§ EXERCISE GOAL:
Take the entries that follow and write them out again, word for word.

§ RECORDS PROVIDED:
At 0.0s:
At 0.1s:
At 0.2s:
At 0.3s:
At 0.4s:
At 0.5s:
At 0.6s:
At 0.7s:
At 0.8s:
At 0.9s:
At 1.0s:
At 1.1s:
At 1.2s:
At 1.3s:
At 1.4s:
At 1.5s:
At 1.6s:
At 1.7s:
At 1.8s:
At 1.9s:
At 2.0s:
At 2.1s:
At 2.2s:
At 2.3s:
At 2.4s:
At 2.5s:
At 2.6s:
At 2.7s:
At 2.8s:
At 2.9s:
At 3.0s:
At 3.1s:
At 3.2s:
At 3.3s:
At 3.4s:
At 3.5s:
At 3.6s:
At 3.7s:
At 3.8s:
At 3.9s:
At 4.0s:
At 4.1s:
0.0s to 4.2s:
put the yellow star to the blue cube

§ ANSWER BOX:
At 0.0s:
At 0.1s:
At 0.2s:
At 0.3s:
At 0.4s:
At 0.5s:
At 0.6s:
At 0.7s:
At 0.8s:
At 0.9s:
At 1.0s:
At 1.1s:
At 1.2s:
At 1.3s:
At 1.4s:
At 1.5s:
At 1.6s:
At 1.7s:
At 1.8s:
At 1.9s:
At 2.0s:
At 2.1s:
At 2.2s:
At 2.3s:
At 2.4s:
At 2.5s:
At 2.6s:
At 2.7s:
At 2.8s:
At 2.9s:
At 3.0s:
At 3.1s:
At 3.2s:
At 3.3s:
At 3.4s:
At 3.5s:
At 3.6s:
At 3.7s:
At 3.8s:
At 3.9s:
At 4.0s:
At 4.1s:
0.0s to 4.2s:
put the yellow star to the blue cube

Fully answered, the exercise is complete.